In Ontario, Alberta, and Saskatchewan, we have just enjoyed a statutory holiday, meant to support families. As the Ontario Government states:
Generally speaking, most employees will get a day off with pay enabling them to spend time with their family and loved ones. It will also give employees a day off between New Year’s Day and Easter, which is a long period of time in which people need a rest.
I see the day as a chance to get out with family members and friends and celebrate our shared life together. Most malls were closed, along with banks, supermarkets, and libraries. However, on such a warm day, there seemed relatively few people walking and playing outside. Where was everyone?

I suspect the usual culprits: television, video games, email, and social media. I'm probably exaggerating but I wonder if we are losing the arts of living in gaining the smarts of computing.

Family Snapshot

Don't misunderstand me.
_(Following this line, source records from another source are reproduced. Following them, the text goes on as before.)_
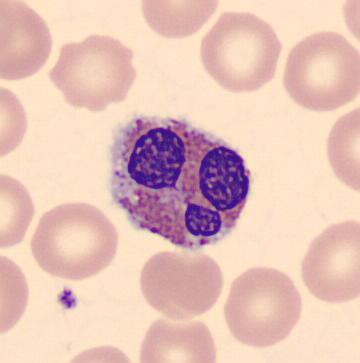Q: Identify the cell.
A: This is an eosinophil.
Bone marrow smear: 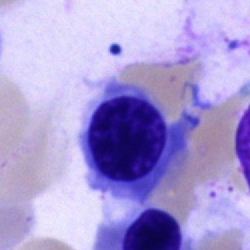Cell type: normoblast.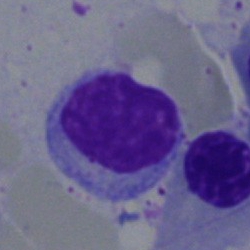 Single cell identified as a typical lymphocyte.
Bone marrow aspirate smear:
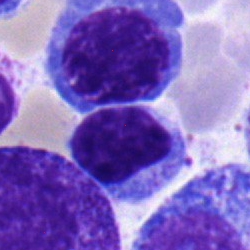Specimen: bone marrow smear.
Morphological class: lymphocyte.
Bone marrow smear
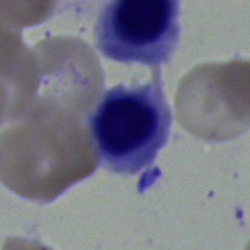 Morphology — nucleated red blood cell.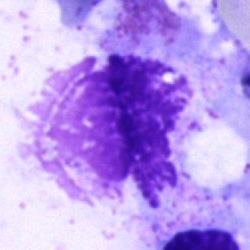

Cell type = artefact.
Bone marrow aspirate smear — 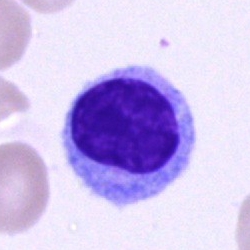 Morphology → typical lymphocyte.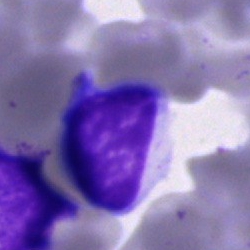

Morphological class: typical lymphocyte.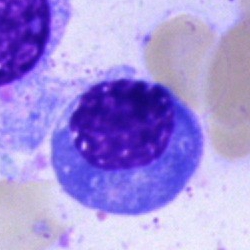 Showing a nucleated red cell.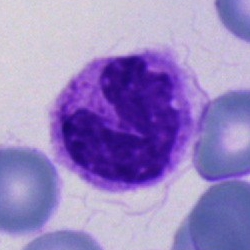 Bone marrow smear showing a polymorphonuclear neutrophil.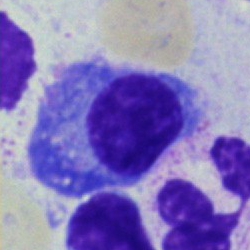Single-cell crop from a bone marrow smear: plasmacyte.
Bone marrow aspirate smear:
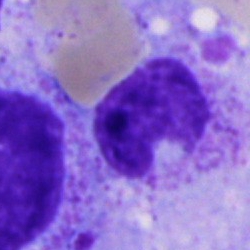
Specimen: bone marrow aspirate smear.
Cell type: metamyelocyte.
Lineage: myeloid.
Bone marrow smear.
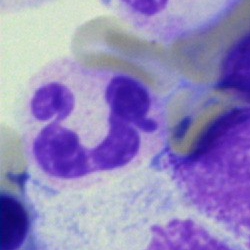Q: What cell is this?
A: This is a polymorphonuclear neutrophil.

I treasure my own tech life and see the benefits of the "interweb" for my extended family. My wife has a new iPodTouch to swiftly access her favourite BBC news, music, and readings. My daughter carefully researches university grants online, while my son and his friend break new ground in techno-rap. My brothers and their wives are web-savvy genealogists, photographers, and inventors. We keep in touch with family in the UK via email. My mother at 87 has embraced the iPad and now reads again with big print and well-lit screens.
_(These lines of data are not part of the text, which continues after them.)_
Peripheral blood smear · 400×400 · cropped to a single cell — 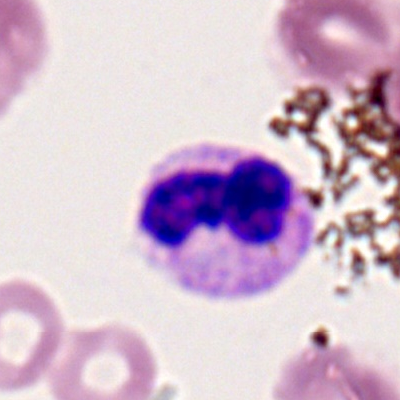

Morphology → segmented neutrophil.
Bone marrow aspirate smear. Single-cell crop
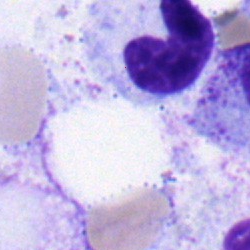The classification is band neutrophil.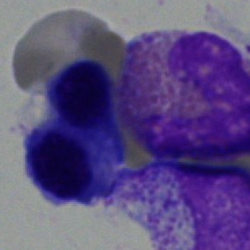
Specimen: bone marrow smear.
Morphological class: eosinophil.
Lineage: myeloid.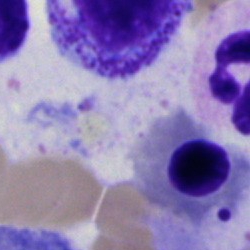

Q: Identify the cell.
A: This is a basophilic granulocyte.
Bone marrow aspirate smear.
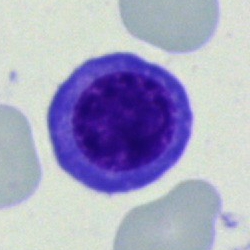
Single cell identified as a normoblast.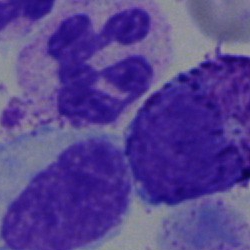Specimen: bone marrow aspirate smear.
Morphological class: segmented neutrophil.
Lineage: myeloid.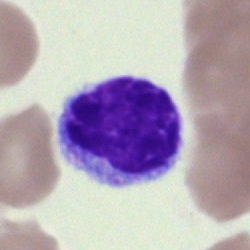

Specimen: bone marrow aspirate smear.
Cell type: lymphocyte.
Lineage: lymphoid.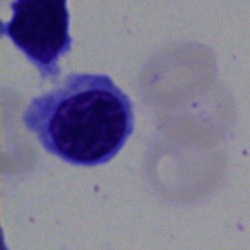 Morphological class = erythroblast.
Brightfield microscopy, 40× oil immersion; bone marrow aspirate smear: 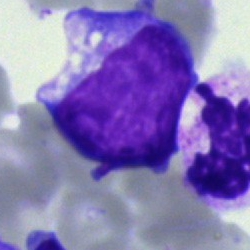 Cell = undifferentiated blast.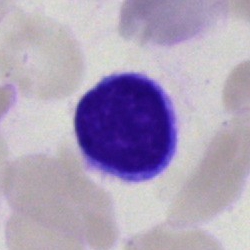
{"cell_type": "lymphocyte"}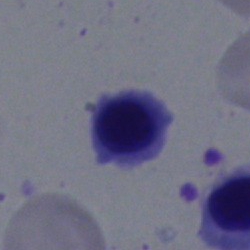Classification: nucleated red cell.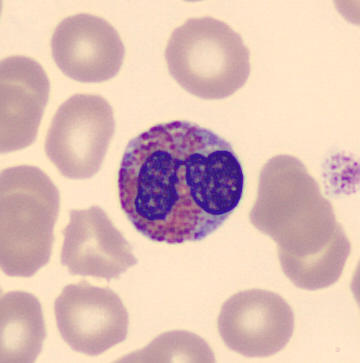
Acquisition: Peripheral blood film; cropped to a single cell; CellaVision DM96.

Morphology consistent with an eosinophil.
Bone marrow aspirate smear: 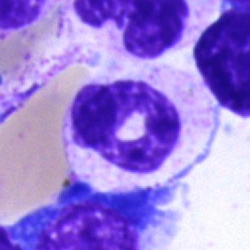 Q: What is shown here?
A: A polymorphonuclear neutrophil.
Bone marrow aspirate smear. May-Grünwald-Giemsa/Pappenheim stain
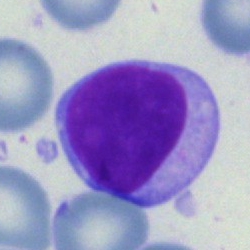

Q: What is the morphological classification of this cell?
A: It is a lymphocyte.
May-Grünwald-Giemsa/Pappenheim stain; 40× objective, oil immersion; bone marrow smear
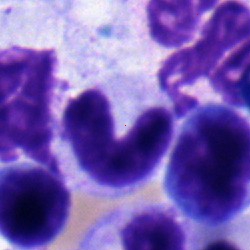 Morphology consistent with a neutrophil (band).
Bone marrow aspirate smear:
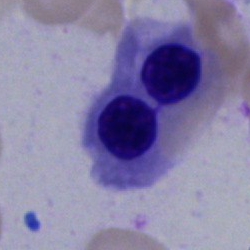
Q: What type of cell is this?
A: This is a normoblast.
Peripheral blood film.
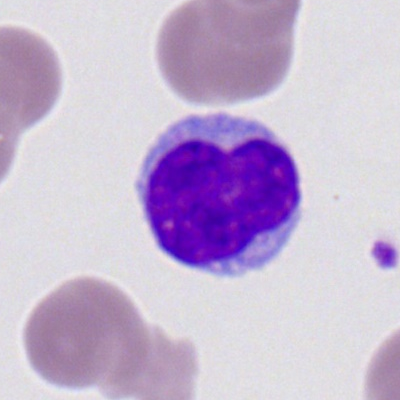
A lymphocyte.
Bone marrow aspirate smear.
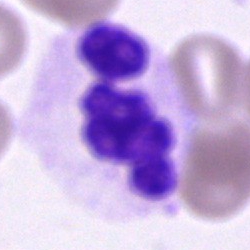 {"cell_type": "neutrophil (segmented)", "lineage": "myeloid"}
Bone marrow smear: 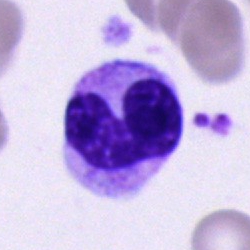
Morphology consistent with a band neutrophil.
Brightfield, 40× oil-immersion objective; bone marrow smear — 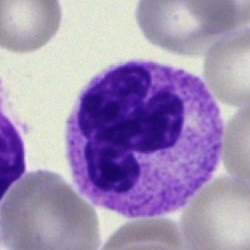 Single cell identified as a neutrophil (segmented).

But are we closer as a family simply because as individuals we are privately wired to the web? Connectivity is not synonymous with connectedness. As parents, we are now promoting the sustained telephone conversation over the truncated email or text. This weekend's board games of Scrabble and The London Game engaged us more deeply in family togetherness than watching a movie on TV would have done.

Family Connections

My ironic illustration above frames a real hope for families today. I would not turn back the clock—from digital to analog—to the good old (stereotypic) days. Nostalgia ain't what it used to be. But the holiday caused me to ask if families are finding fruitful ways to harness technology to really connect: to talk more, explore the natural world, play creatively, and be neighbourly. Sometimes this means turning off, not tuning in!

We address the problems of using technology in schools often enough but fail to question our growing absorption in virtual pursuits throughout a typical family day. Parents complain that it is difficult to find time to eat together, yet no one wants to miss the latest text or tweet. I fear more family time is spent discussing the latest gadget than the effects of technology on our life together. I also worry that we continue to substitute passive consuming for active living. Are we, to borrow Neil Postman's warning about television technology, "amusing ourselves to death" with the latest technology?

How many of us turn off the computer on holidays? How many could? Most kids don't even see this as a problem. And no amount of free time, holiday or not, seems long enough to encourage important reflection about how technology is changing contemporary family life.

Can we sustain a strong family life in the Information Age, a life that should be marked by balance, time, and awareness? These old virtues could be good criteria to apply to our home use of technology.